私が記者として蔡英文に初めて会ったのは、2008年の6月だった。当時は新聞社の台北特派員で、インタビューの内容を新聞に載せたあと、蔡英文から厳しい抗議があった。自分の言っている内容と違うので訂正して欲しい、という話だ。
行数の限界があるなかで、できるだけ端的にエッセンスが伝わるようまとめるため、少々表現に手を加えたところが気に入らなかったらしい。間に入っていた民進党の海外メディア担当の人をかなり困らせていた。

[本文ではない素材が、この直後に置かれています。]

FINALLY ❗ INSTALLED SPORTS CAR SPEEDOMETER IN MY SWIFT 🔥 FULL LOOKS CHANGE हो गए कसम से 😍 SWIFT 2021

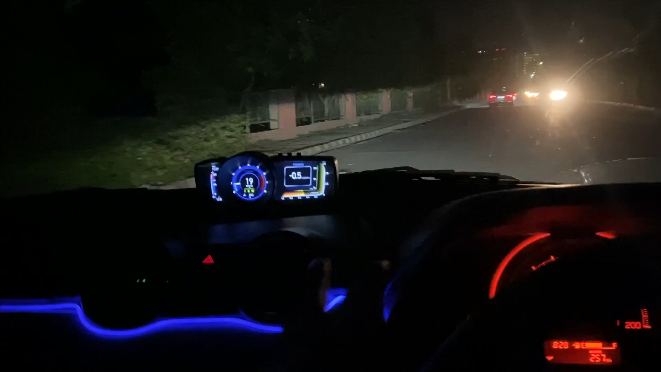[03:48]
अब बात करूँ मैं अपना जो बीडी मीटर है उसकी तो लुक्स जो है आपको ऐसे कुछ दिख रहे होंगे एक बर जो मैं पारकिंग लाइट स्वन कर देता हूं सो दट एंबिन लाइट भी बंद हो जाएगी उसके
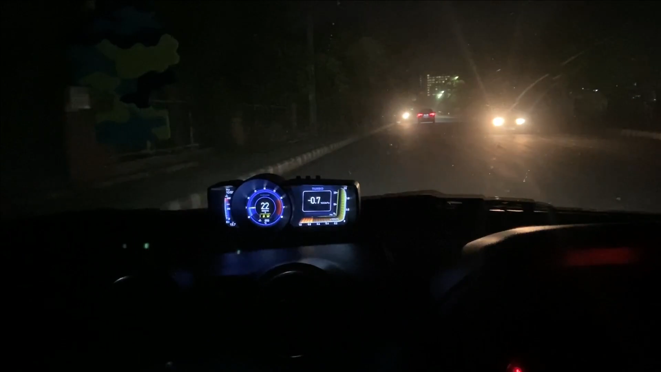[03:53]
बाद आपको समझ में आ जाएगा कि कैसे कुछ जो है � लुक्स अपने इस OBT मीटर के दिखते हैं और
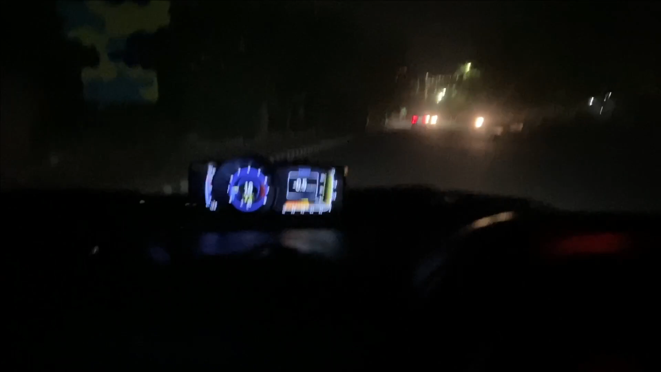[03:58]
जितनी रेस पर आपकी गाड़ी रहती है उतनी रेस से आपको बताता रहता है सबोस कीज़ें हापे मारी जो गाड़ी है

あとで聞くと、台湾メディアにもいつも原稿の訂正を求めることで有名で、記者たちの間では、中国語で訂正の意味である「更正」をもじって「蔡更正」と恐れられていたそうだ。そんな細部へのこだわりも、前述のようなその経歴をみれば理解できる。
あくまで「ショートリリーフ」の位置づけだったが
国際法や国際貿易の専門家である彼女は、英語を母国語のように使いこなし(英語が得意な馬英九総統の英語よりもさらに上手い)、細かい国際会議のネゴシエーションもお手のもの。おかっぱの髪形は子供時代からほとんど変えたことがなく、その笑顔にあどけなさも残る童顔で、子豚に似せたキャラクター人形も人気だ。

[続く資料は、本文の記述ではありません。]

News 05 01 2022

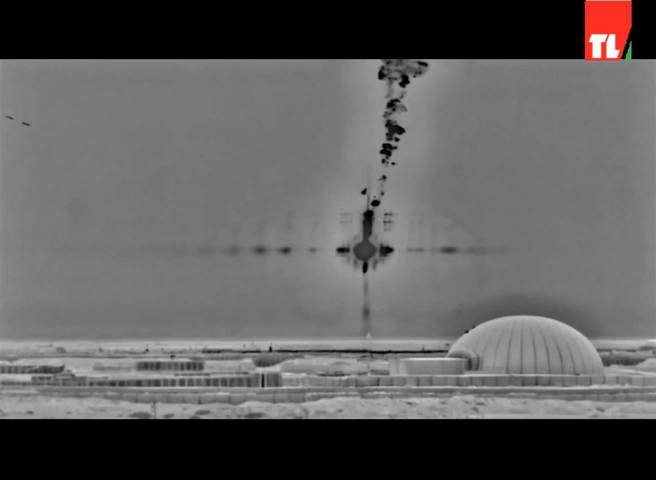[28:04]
عيار 240 مليمتر وتم تفكيكه وتسليمه إلى مدرية الأدلة الجنائية وذكرت معلومات أن الاستهداف تم بواسطة أربعة صواريك تيوشا وأن
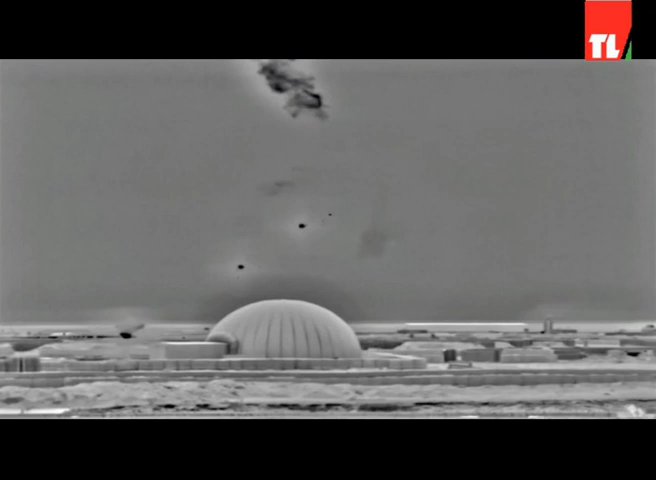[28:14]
منظومة الدفاع الجوي سيرام تمكنت من إسقاط ثلاثة منها فيما
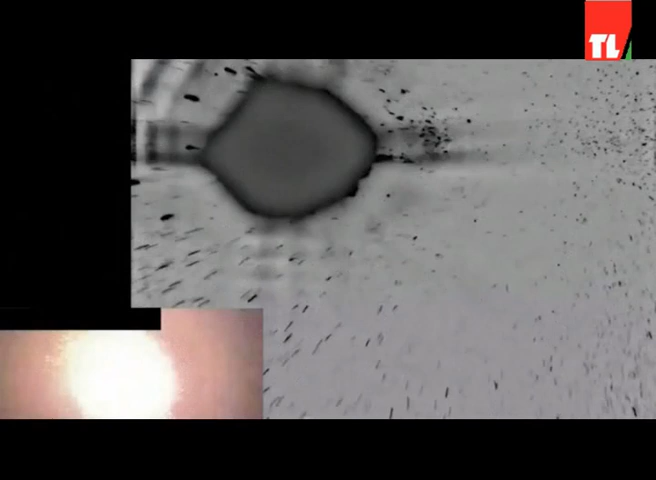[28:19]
سقط الرابع بالقرب من قاعدة عسكرية تضم مستشارين تابعين للتحالف
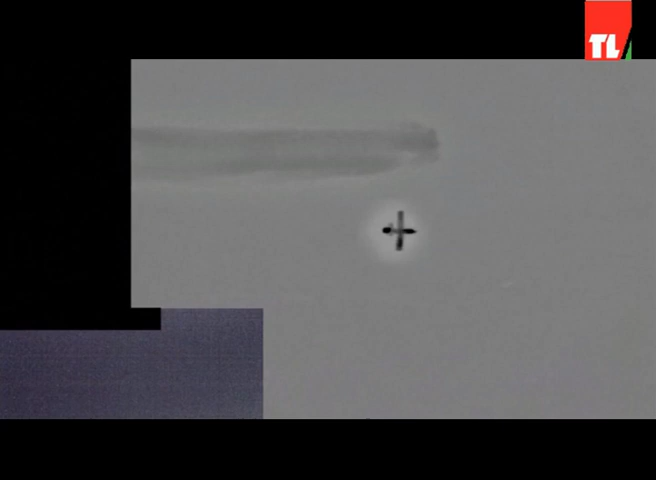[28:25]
الدولي ويأتي الهجوم عقب ساعات من استهداف قاعدة عين الأسد العراقية غربي
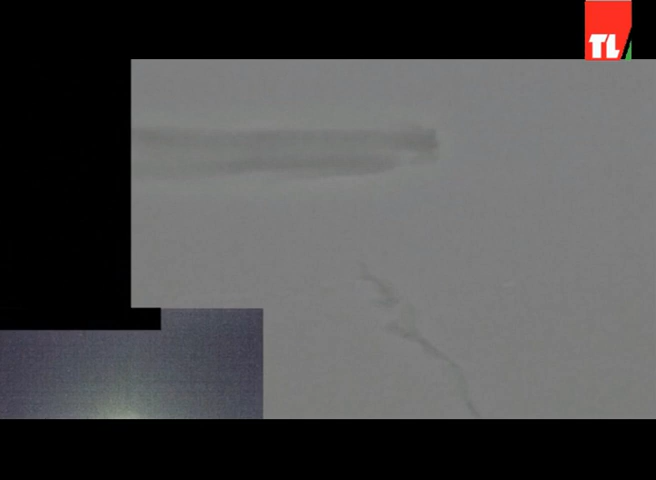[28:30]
البلاد بطائرتين مسيرتين تمكنت أسلحة الدفاع الجوي من إسقاطهما
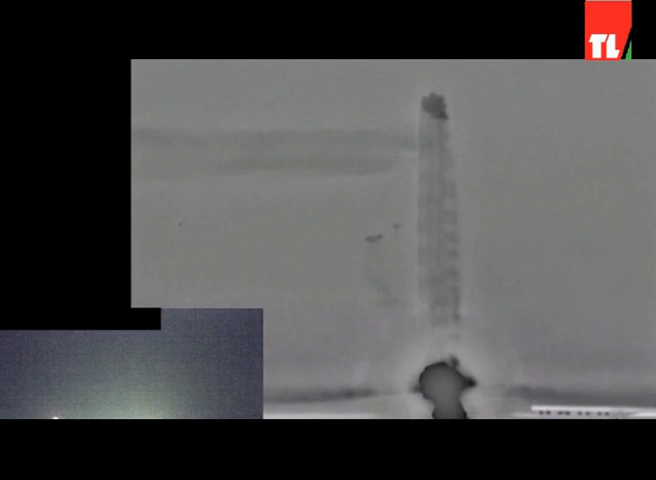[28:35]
دون أن تنجم عنهما أي خسائر بحسب خلية الأعلام الأمنية العراقية
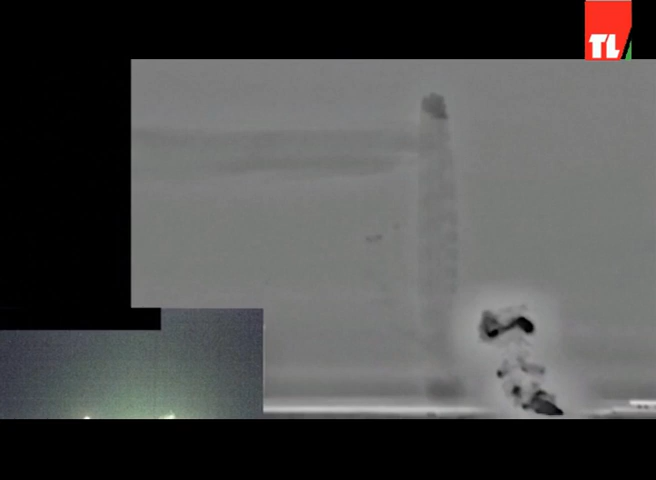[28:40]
إشارة إلى أن هذا الهجوم هو الثالث خلال يومين بعد هجوم المماثل الأثنين تزامن مع الذكرى الثانية لمقتل المسؤول العسكري الإيراني قاسم سليماني ونائب

大学時代は同級生の男性たちにけっこう人気があったらしい。恋人を不慮の事故で亡くした経験もあるという話で、現在まで独身を貫き、飼っている愛猫がパートナーとされる。
個性が似ていると言えなくもないドイツのメルケル首相を「尊敬する」と述べている蔡英文は、あらゆる面で非の打ち所のない人なのだが、民主化運動出身者が中心で体育会気質のある民進党に、必ずしもマッチしていない部分はあった。2008年に党主席になったときは、あくまでショートリリーフの位置づけで、彼女が8年後に総統選挙でこんな風に圧勝するなど、誰も夢にも思っていなかった。
誰かが言い出したあだ名は「空心蔡」。これは野菜のクーシンサイに引っ掛けたもので、クーシンサイの中身が空洞であることから、蔡英文は理屈ばかりで具体的な中身が伴っていない、という皮肉が込められている。

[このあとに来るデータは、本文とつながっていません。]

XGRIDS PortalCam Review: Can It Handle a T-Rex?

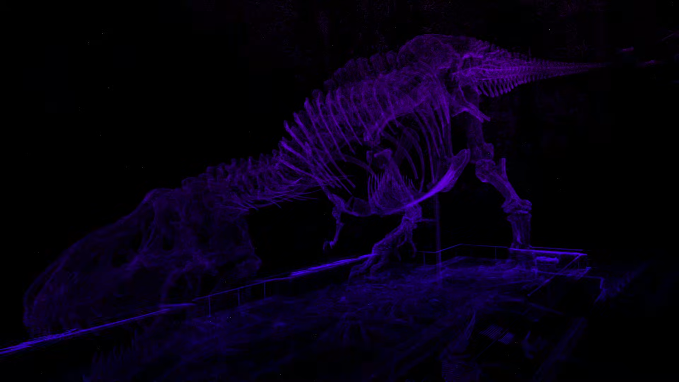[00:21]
my monopod, and a real-time display powered by the X-Gridz app.
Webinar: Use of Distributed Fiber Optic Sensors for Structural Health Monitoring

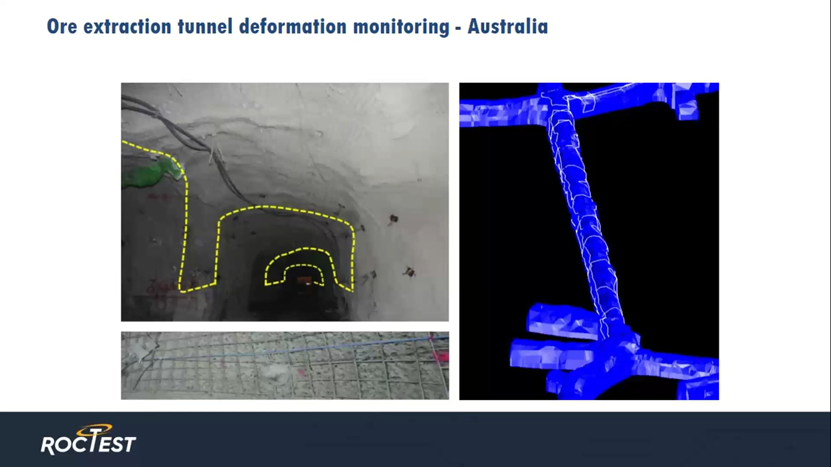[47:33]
and then followed by shotcrete. On the right hand side of the graphic you can see a 3D rendering of the tunnel layout itself.

そんなあだ名とは裏腹に、蔡英文の今日の勝利を早くも予感させるシーンが、4年前の2012年1月にあった。それは当時の総統選で、惜しいところで馬英九に敗れ去った日の夜のこと。支持者を前に、冷たい雨のなか、やはり淡々と、しかし、強い信念を持って語られた「敗戦の弁」は、いまも語り継がれるほどの名演説だ。